Boeing insists it would quickly pivot and hunt for alternative locations for its crucial new airplane model, even as it prepares to launch the jet program at the Dubai Air Show just a week away.
Some Machinists assume Boeing is bluffing and would rework its contract proposal. If not, that would be a devastating blow for the union and for the state, spelling an end early in the next decade for 777 production that employs some 20,000 people at the Everett widebody plant.
The Auburn Machinist who plans to vote yes said Boeing’s proposal for an 8-year contract with significant cuts in pensions, benefits and future pay increases is “eviscerating” both the current benefits package and the union.
“But you have to do a cost-benefit analysis,” he said. “It’s unrealistic to believe the benefits package … is sustainable. We’d rather have the jobs.”
The average gross pay for Boeing Machinists last year was about $85,000.
contract extension offered by the company provides raises of only 1 percent every other year, on top of a cost-of-living adjustment to keep pace with inflation.
The major issue for many Machinists is that Boeing would end contributions to the traditional pension, replacing that with a defined-contribution retirement savings plan.
Another thorny issue is that the current wage structure — in which employees zoom to the top of the pay scale at the end of their sixth year — would be replaced for new hires by a plodding progression that means they wouldn’t reach the maximum pay for 16 years or longer.
In addition, health-care premiums and copays would rise.
Yet on Saturday, the International Association of Machinists (IAM) union offered a positive perspective on the 777X deal that focused solely on the job security it would bring.
This contrasted sharply with Thursday night’s events, when the IAM’s local district president, Tom Wroblewski, tore up a copy of Boeing’s offer at a union meeting and called it “a piece of crap.”
Reflecting a deep fissure within the union, the IAM national headquarters is now tightly controlling the message.
Wroblewski was not available for interview, and most of the local district staff — even the union’s two media officers — have been barred from talking to the media.
Instead, Joe Crockett, a union-business representative in Auburn, spoke for the union on Saturday.
“These are good jobs. They pay well and we will still have good benefits,” said Crockett. “We will still have, for us and our families, a future. That’s what it’s all about.”
Unlike many union members, Crockett doesn’t believe Boeing is bluffing in its threat to take 777X work elsewhere if the vote fails.
Crockett’s assessment, from his discussions with members, is that the vote will be “very close.”
Gov.

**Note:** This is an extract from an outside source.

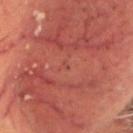Clinical impression: No biopsy was performed on this lesion — it was imaged during a full skin examination and was not determined to be concerning. Clinical summary: About 1 mm across. The total-body-photography lesion software estimated an outline eccentricity of about 0.85 (0 = round, 1 = elongated) and a symmetry-axis asymmetry near 0.45. And it measured a mean CIELAB color near L≈42 a*≈28 b*≈28, about 4 CIELAB-L* units darker than the surrounding skin, and a normalized border contrast of about 3.5. The analysis additionally found a border-irregularity rating of about 3.5/10, a within-lesion color-variation index near 0/10, and radial color variation of about 0. And it measured an automated nevus-likeness rating near 0 out of 100 and a detector confidence of about 100 out of 100 that the crop contains a lesion. Cropped from a whole-body photographic skin survey; the tile spans about 15 mm. Imaged with cross-polarized lighting. A male patient, aged around 60. On the head or neck.

Jay Inslee, in an interview Saturday, echoed the message that what’s at stake with the 777X is securing local blue-collar, middle-class jobs for the future.
While the state is also known for software and biotech firms, he said, aerospace provides the Washington economy with high-end jobs for “people who work with their hands and their minds.”
The carbon-fiber-reinforced plastic composite wings of the 787 Dreamliner are built in Japan, but Boeing promises — if its conditions are met — to locate a facility here to fabricate the 777X’s composite wings.
Inslee said that will secure “probably the single most important advanced technology in manufacturing today” and greatly enhance the state’s chances of making future Boeing airplanes as well as the 777X. “What went out to Japan is now coming in to Washington,” he said.
He said he regards the state’s scramble to win that prize as “an investment, rather than being dictated to” by Boeing.
“We are making a rational decision,” he said. “It’s a good deal for the state.”
Inslee said he thinks there is “at minimum, a substantial risk” of losing the work unless the state provides the incentives and tax breaks. “I don’t believe … that we should roll the dice,” he said.
Boeing spokesman Marc Birtel on Saturday echoed Inslee’s take on the importance of the 777X wing.
“We’re offering our workforce in Puget Sound the opportunity to build the most revolutionary wing our industry has ever seen — and assemble what will no doubt be one of the most popular airplanes in the world,” Birtel said. “It would put employees here on the cutting edge of composite technology.”
Together, the proposed union deal and the legislative incentives “make for a strong business case for Puget Sound,” he said. “But the business case goes away without all of those elements,” he said.
“The company has to take the right steps today to ensure our competitiveness for the future,” he added. “The vote on the contract extension is absolutely real. … We’ll begin taking the next steps if the extension is not ratified. “
He said Boeing has evaluated “a number of viable options,” including alternative company sites as well as some new locations.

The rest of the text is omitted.